Corpora & Frequency Dictionaries
I believe strongly that the best way to understand language is by studying how it is actually used. Introspection is invaluable when it comes to forming hypotheses, but there's nothing as reliable as high-quality data when it comes to confirming or refuting them.
When I started researching the variety of Spanish that has been my focus so far --Chilean Spanish-- I quickly found that there were no corpora or frequency dictionaries available. So instead of grovelling, I created the Dynamic Corpus of Chilean Spanish (Codicach), which is to this day the largest corpus of Spanish in the world, as far as I know.
That led some years later to the creation of the Word Frequency List of Chilean Spanish (Lifcach), which I also believe is the largest of its kind.
And over the last two years, I've been focusing on developing the Sociolinguistic Corpus of Spoken Chilean Spanish (Coscach), as part of the research for my Ph.D. dissertation.
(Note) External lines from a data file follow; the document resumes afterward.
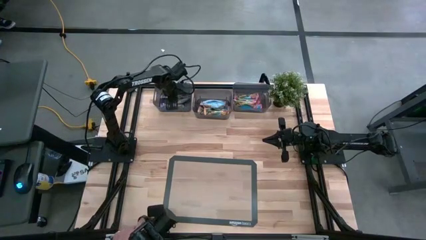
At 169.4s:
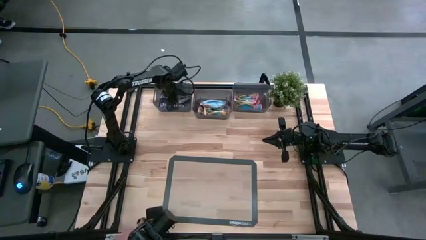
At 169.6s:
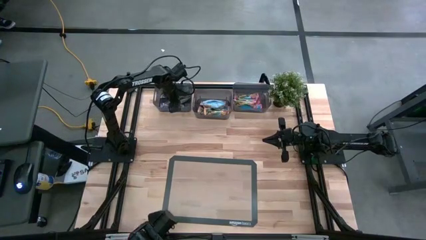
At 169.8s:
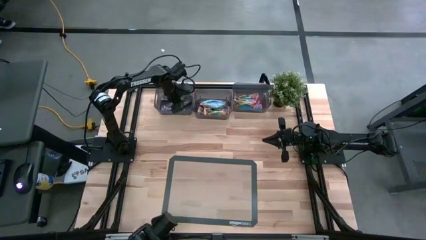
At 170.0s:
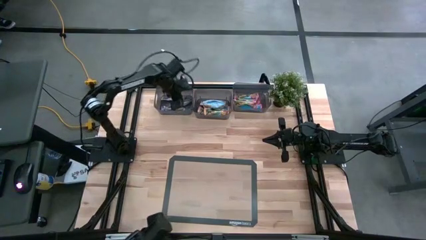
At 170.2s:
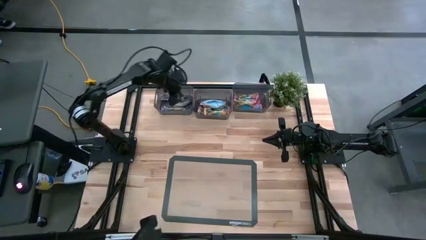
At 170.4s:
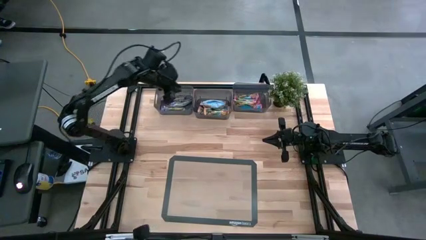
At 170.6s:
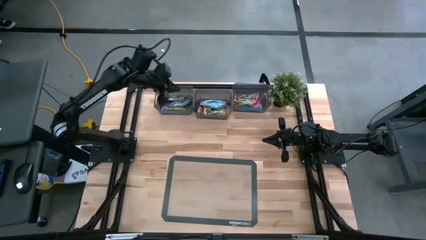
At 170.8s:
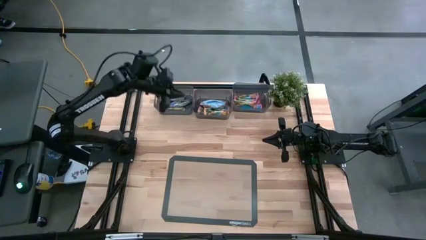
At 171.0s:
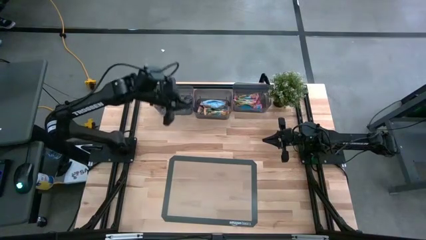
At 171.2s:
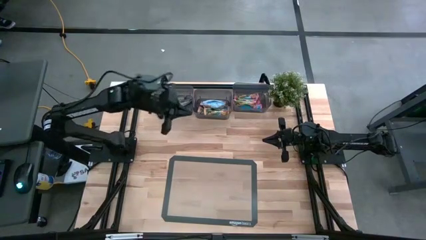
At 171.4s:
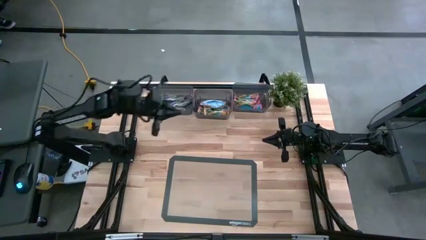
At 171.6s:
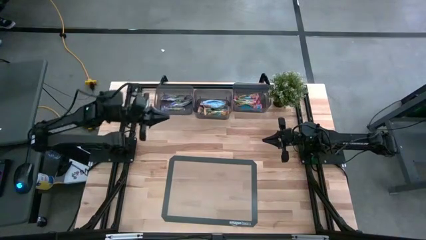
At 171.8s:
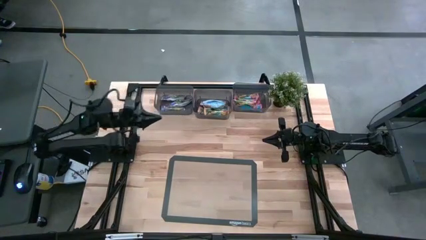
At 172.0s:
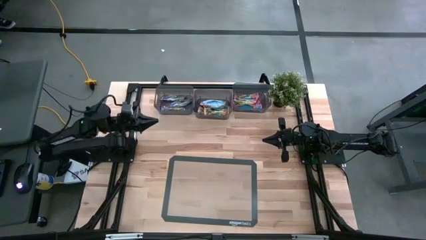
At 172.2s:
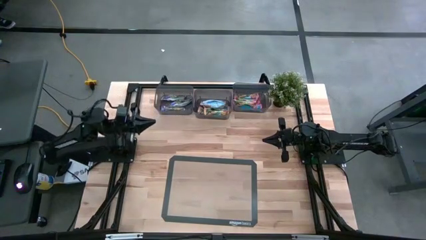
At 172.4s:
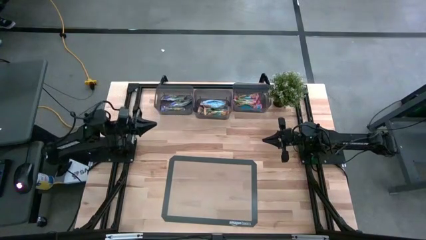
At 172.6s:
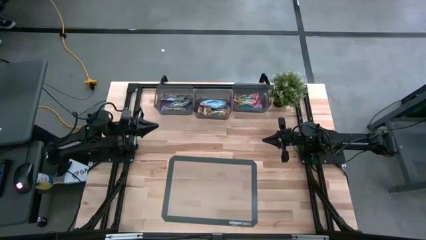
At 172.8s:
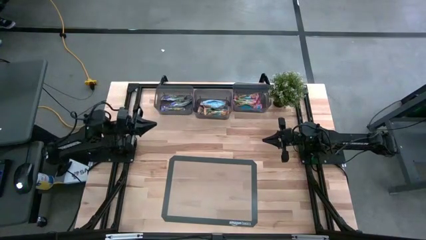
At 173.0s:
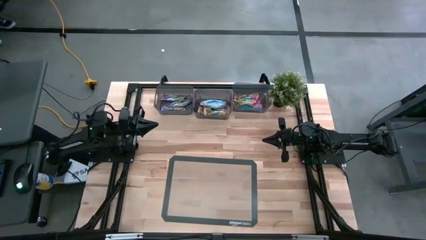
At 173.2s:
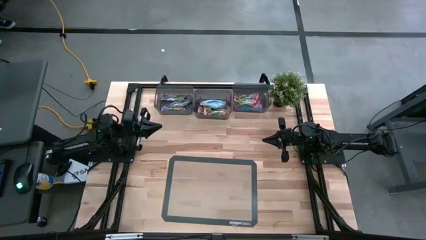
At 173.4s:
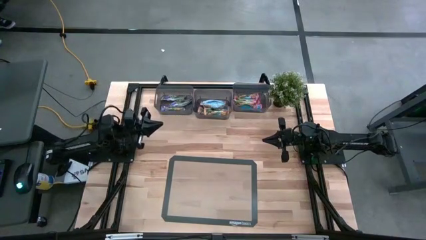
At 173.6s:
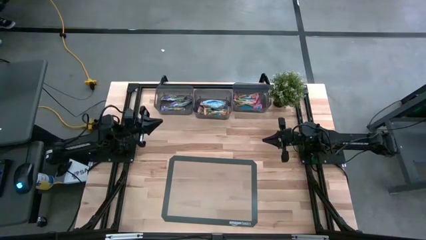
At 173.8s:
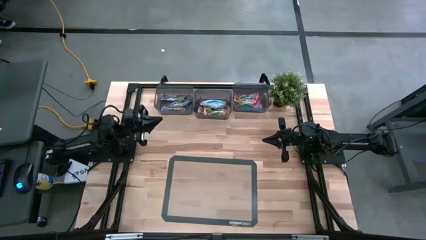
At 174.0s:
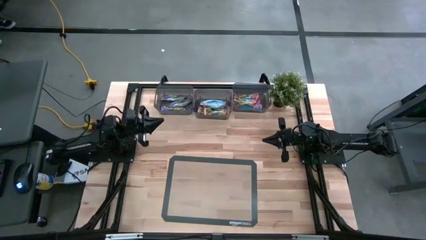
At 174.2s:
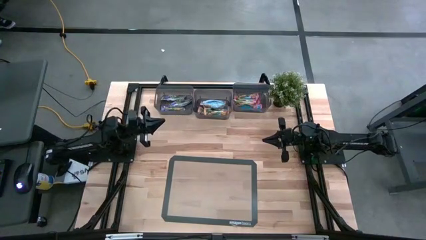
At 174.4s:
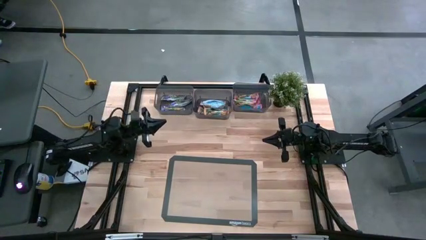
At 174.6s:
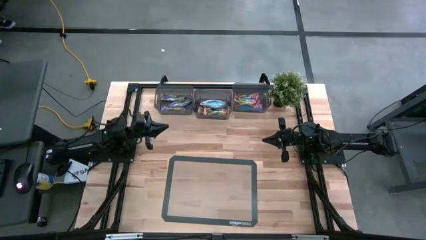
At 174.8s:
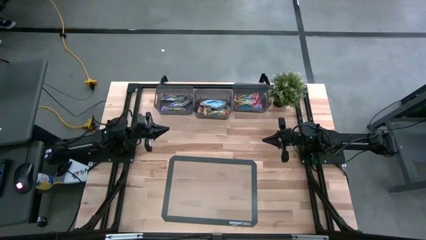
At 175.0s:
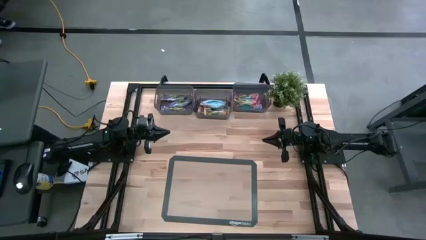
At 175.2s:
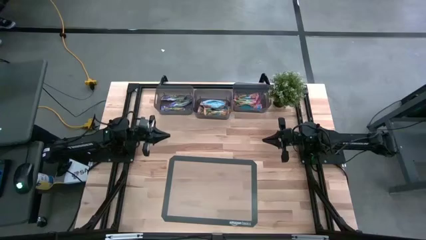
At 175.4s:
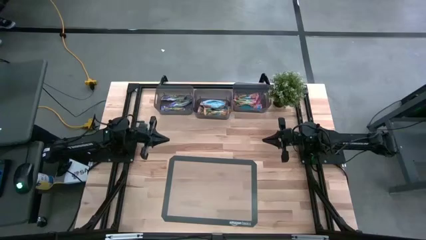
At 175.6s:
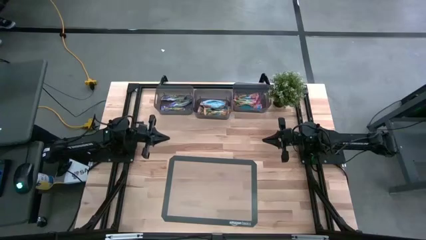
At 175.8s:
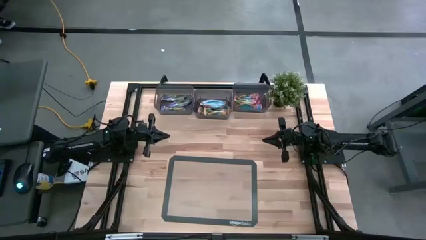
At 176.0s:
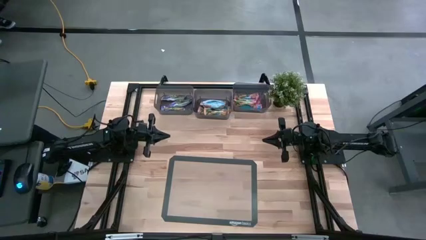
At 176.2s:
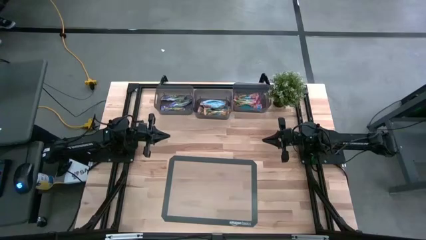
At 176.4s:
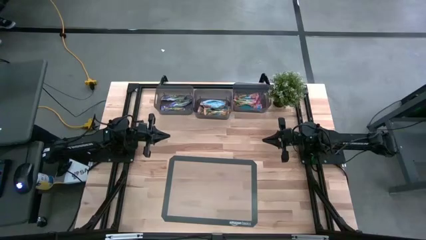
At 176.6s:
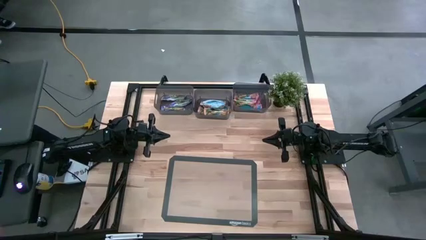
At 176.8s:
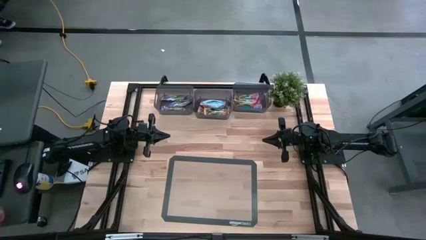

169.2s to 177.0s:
Task: Pick and place Granola Bars by type
Return to Home Position

Dynamic Corpus of Chilean Spanish (Codicach)
The Dynamic Corpus of Chilean Spanish (Codicach) is an electronic corpus of written Chilean Spanish. It contains about 800 million running words in 1.3 million files and 102 sub-corpora. It has been chunked, lemmatized, and tagged with POS and syntactic relationship information using Connexor's Machinese Syntax program. Search and retrieval are powered by the IMS Open Corpus Workbench.
Sociolinguistic Corpus of Spoken Chilean Spanish (Coscach)
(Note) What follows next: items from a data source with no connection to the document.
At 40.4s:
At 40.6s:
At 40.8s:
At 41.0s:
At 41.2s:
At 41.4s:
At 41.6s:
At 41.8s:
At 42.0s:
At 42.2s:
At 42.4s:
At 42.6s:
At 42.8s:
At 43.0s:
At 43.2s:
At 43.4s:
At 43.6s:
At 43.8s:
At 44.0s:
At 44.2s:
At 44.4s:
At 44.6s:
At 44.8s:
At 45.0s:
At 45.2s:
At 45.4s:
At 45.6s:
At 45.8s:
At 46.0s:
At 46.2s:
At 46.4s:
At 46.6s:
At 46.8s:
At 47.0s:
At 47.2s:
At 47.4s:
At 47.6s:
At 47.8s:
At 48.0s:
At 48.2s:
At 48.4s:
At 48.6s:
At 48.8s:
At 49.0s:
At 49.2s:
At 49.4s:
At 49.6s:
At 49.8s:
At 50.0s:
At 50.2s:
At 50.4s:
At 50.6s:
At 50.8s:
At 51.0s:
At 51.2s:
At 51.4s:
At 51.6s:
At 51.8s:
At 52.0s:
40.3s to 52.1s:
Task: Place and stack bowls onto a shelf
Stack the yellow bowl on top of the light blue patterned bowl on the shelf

The Sociolinguistic Corpus of Spoken Chilean Spanish, known by its Spanish acronym Coscach, is a massive electronic database of the speech of Chilean children and young adults, built with cutting-edge technology and sociolinguistic methods. At present, it contains 24-bit audio and high-quality video recordings of 131 speakers.
Word Frequecy List of Chilean Spanish (Lifcach)
The Word Frequency List of Chilean Spanish (Lifcach) is a set of 102 frequency lists derived from the sub-corpora of the Dynamic Corpus of Chilean Spanish (Codicach), a corpus of contemporary written Chilean Spanish developed by Sadowsky between 1997 and 2002; this corpus contained approximately 450 million words when the Lifcach was created (it currently contains some 800 million words).